May Fair, London (1716, detail)
So where is this story of Black Londoners in our own textbook, Robert Bucholz and Newton Key, Early Modern England 1485-1714: A Narrative History, 2nd ed. (Wiley-Blackwell, 2009), or in any major textbooks of the period? We discuss the African slave trade, but the only mention that I recall of anything to do with Blacks within the British Isles is mention of Ferdinando Gorges, known as "King of the Blacks," who retired back to Herefordshire with profits from Caribbean plantations in the late 17th century. As we have been contracted for third editions of the textbook and sourcebook, let me assure you that conversations about this will be had, betwixt Bob and Newton.

But, returning to Aswad and Boothe, the meta-narrative of this story is not clear. Did Blacks in early modern London experience Freedom Street, or a new subaltern situation in the Concrete (sic) Slaveship of the London streets? Note, again, two sentences from the Wood article/announcement:
Bacchus and Venus: or, a select
collection of near 200... songs and catches
in love and gallantry
(1737,
courtesy of Angela McShane)
  • "Employed especially as domestic servants, but also as musicians, dancers and entertainers, their numbers ran to many hundreds, maybe even more.
    And let's be clear - they were not slaves. In English law, it was not possible to be a slave in England (although that principle had to be re-stated in slave trade court cases in the late 18th Century, like the "Somersett" case of 1772)."
Was the entire period some sort of incipient Somersett case, where setting foot on English soil made one free? Or, were they free at best to be servants or some sort of exotic entertainer?
Perhaps the numbers are too small to make a final judgement.
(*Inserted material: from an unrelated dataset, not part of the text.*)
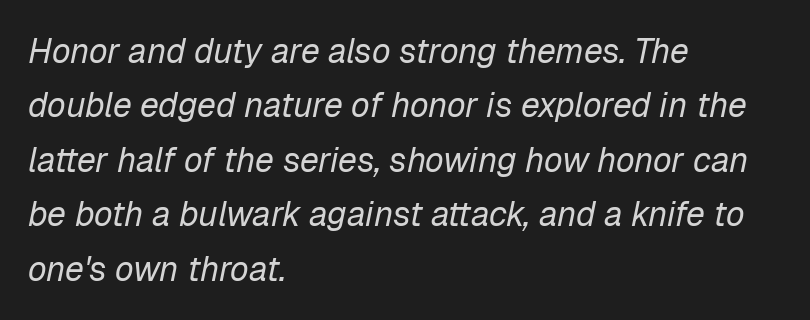
The image shows 34 px regular-weight type, italic (leaning right); set left-aligned, normal line spacing (1.6x), normal letter spacing, not underlined; low stroke contrast and a medium x-height.

But, then, all the more reason to be sure that the meta-narrative of "it was not possible to be a slave in England," meets the reality of the baptism of "Thomas Sambo, Mr Heywood’s black boy," 29 October 1710.

[Update: followup here.]

3 comments:

Unknown said...

Glad to see that you and Bob are going to address this important issue in both your textbook and document reader.
One cautionary note: Michael Woods’ assertion that “it was not possible to be a slave in England” is not supported by a careful review of the historical record. Prior to the Somerset ruling in 1772 there had been judicial decrees declaring “Negroes were free as soon as they set on English Ground,” and Granville Sharp and other abolitionists vigorously asserted this position. However, prior to the Revolutionary era there was no judicial consensus on the status of blacks in England. In his Somerset ruling Justice Mansfield merely ruled that slave masters in England lacked the power to detain and deport their slaves. As I have noted in my article “Unkle Somerset’s freedom: liberty in England for black sailors” Journal for Maritime Research 13:1 (May 2011): 21-36, “Although Somerset’s lawyers sought to ‘keep slavery an ocean away’ from England, a master’s right to service by a bondsman continued after Somerset to include the master’s right to enforce that service. Somerset imposed only one restriction on that right: the prohibition against forcible transportation from England.”
As for the question of whether blacks in England were “free at best to be servants or some sort of exotic entertainer,” some blacks were able, as James Walvin has demonstrated, to establish economically independent lives. At the same time it should be noted many of the poor blacks on the streets on London after the American Revolution were black seamen who used their maritime skills to flee enslavement in the Americas but found little economic opportunities in England. An example of an ex-mariner working as an “exotic entertainer” in London would be Billy Waters (http://prints.rmg.co.uk/image/452147/sir-david-wilkie-bill-waters-sailor-and-celebrated-london-street-entertainer). So, while London may not have been a “concrete slaveship’ for all blacks, it hardly can be described as “freedom street.”
Charles Foy
Assistant Professor
Eastern Illinois University

balkanization said...

Great follow-up, and more proof of the difficulties for the textbook writer, I suppose. If that is the case for the late 18th century, perhaps it would even more be the case that bondsmen-made-free was a possibility not the norm for London Blacks a century or two earlier? I guess I am trying to divine the norm for, say, Blacks in England c. 1700, allowing for "some blacks" able to achieve all sorts of things. The relation between constraints and agency, perhaps?

Unknown said...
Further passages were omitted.